Logo que o anjo do Senhor apareceu aos pastores, e a glória do Senhor os envolveu de luz, ficaram aterrorizados. Chegara ao ponto em que o homem temia ao seu Deus, e quando Deus enviou Seus amorosos mensageiros com novas de grande alegria, os homens foram tomados de tanto pavor como se o anjo da morte tivesse aparecido com uma espada levantada. O silêncio da noite e a sua sombria obscuridade não causavam qualquer temor nos corações dos pastores, mas o alegre arauto dos céus, vestido com as glórias da graça, os aterrorizou. Não devemos condenar os pastores por isso, como se fossem tímidos ou incultos, pois eles apenas agiam como qualquer outra pessoa daquela época teria feito nas mesmas circunstâncias.

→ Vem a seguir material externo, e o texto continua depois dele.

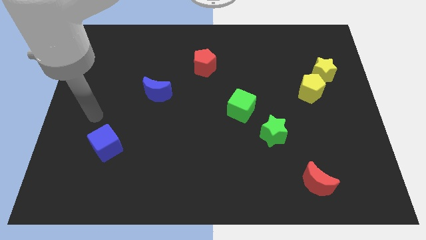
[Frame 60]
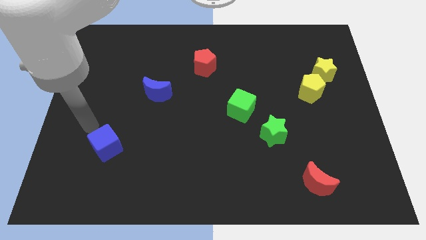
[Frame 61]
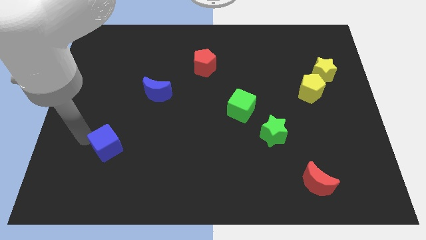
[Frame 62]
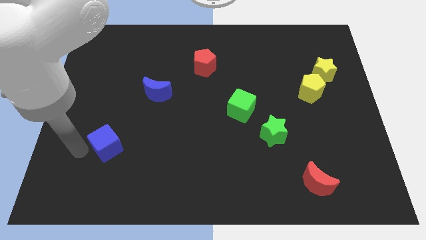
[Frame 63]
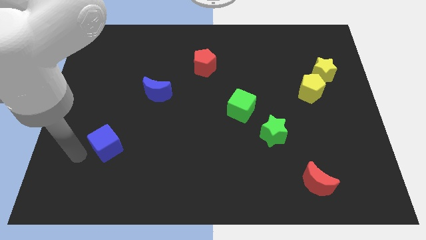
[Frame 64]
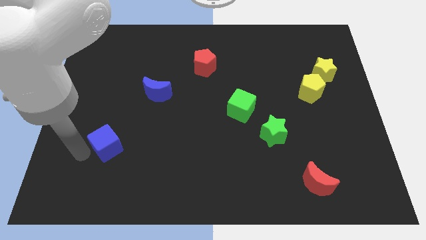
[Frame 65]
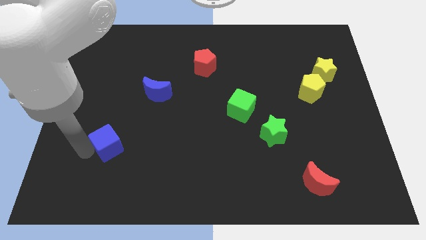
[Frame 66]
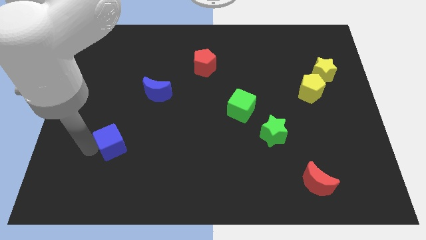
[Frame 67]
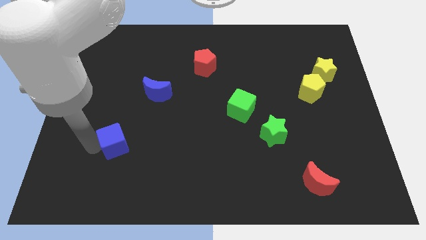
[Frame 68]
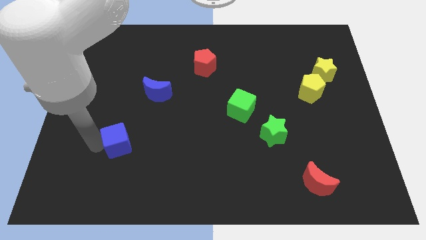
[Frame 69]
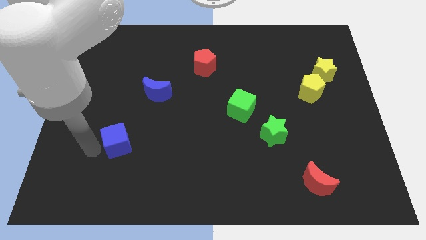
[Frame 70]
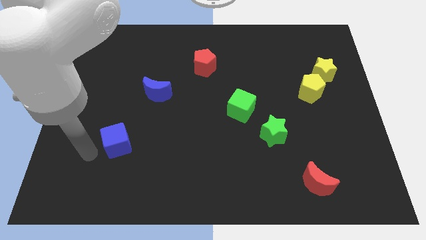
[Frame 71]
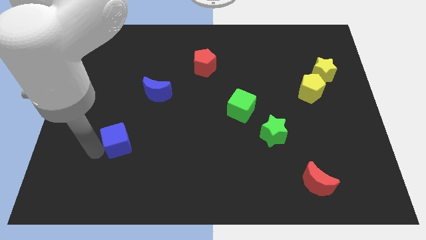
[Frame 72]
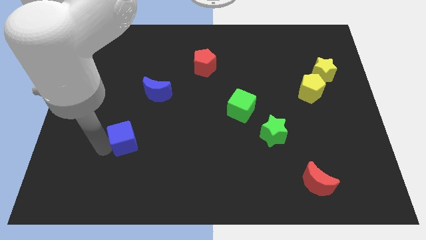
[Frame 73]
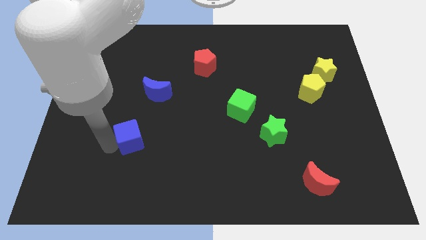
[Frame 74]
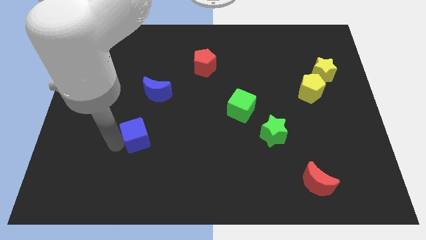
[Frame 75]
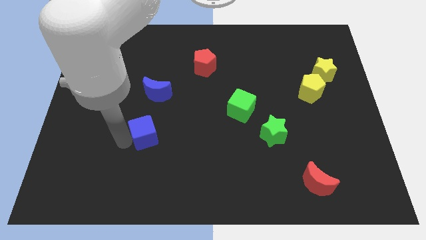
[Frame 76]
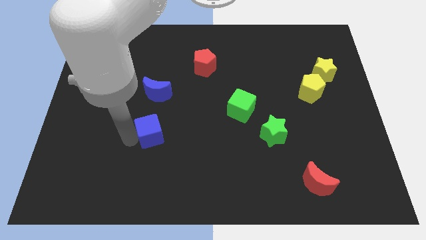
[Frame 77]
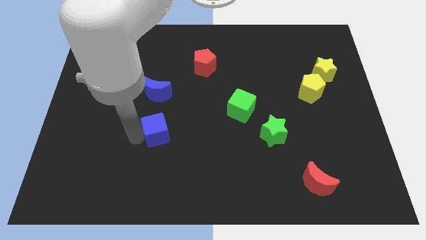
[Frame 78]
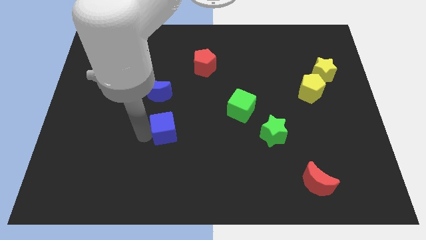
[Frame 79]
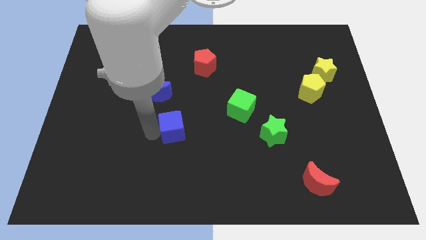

Não foi por serem simples pastores que foram dominados pelo temor; é provável que se fossem profetas bem instruídos teriam demonstrado o mesmo sentimento; pois há muitos casos registrados nas Escrituras nos quais os principais homens de seu tempo tremeram e sentiram o horror de grande trevas quando manifestações especiais de Deus lhes foram dadas. Na verdade, um temor servil de Deus era tão comum que uma tradição havia crescido a partir disso, recebida quase universalmente como verdade absoluta. Era geralmente acreditado que toda manifestação sobrenatural devia ser vista como sinal de morte iminente. "Estamos condenados a morrer! Vimos a Deus!" não era apenas a conclusão de Manoá, mas a de quase todos os homens de seu período.

De fato, havia apenas alguns poucos que tinham mentes serenas como a esposa de Manoá, que podiam raciocinar de forma mais encorajadora, dizendo: "Se o SENHOR quisesse matar-nos, não teria aceitado de nossas mãos o holocausto e a oferta de manjares, nem nos teria mostrado todas estas coisas, nem nos teria anunciado isso." Tornou-se "a convicção estabelecida" de todos os homens, fossem sábios ou incultos, bons ou maus, que uma manifestação de Deus não devia tanto ser motivo de alegria quanto de temor; como disse Jacó: "Que tremendo é este lugar! Este é o lugar da casa de Deus; esta é a porta dos céus." Sem dúvida, o espírito que originou essa tradição foi alimentado pela "dispensação legal," que é mais adequada para servos amedrontados do que para filhos jubilosos.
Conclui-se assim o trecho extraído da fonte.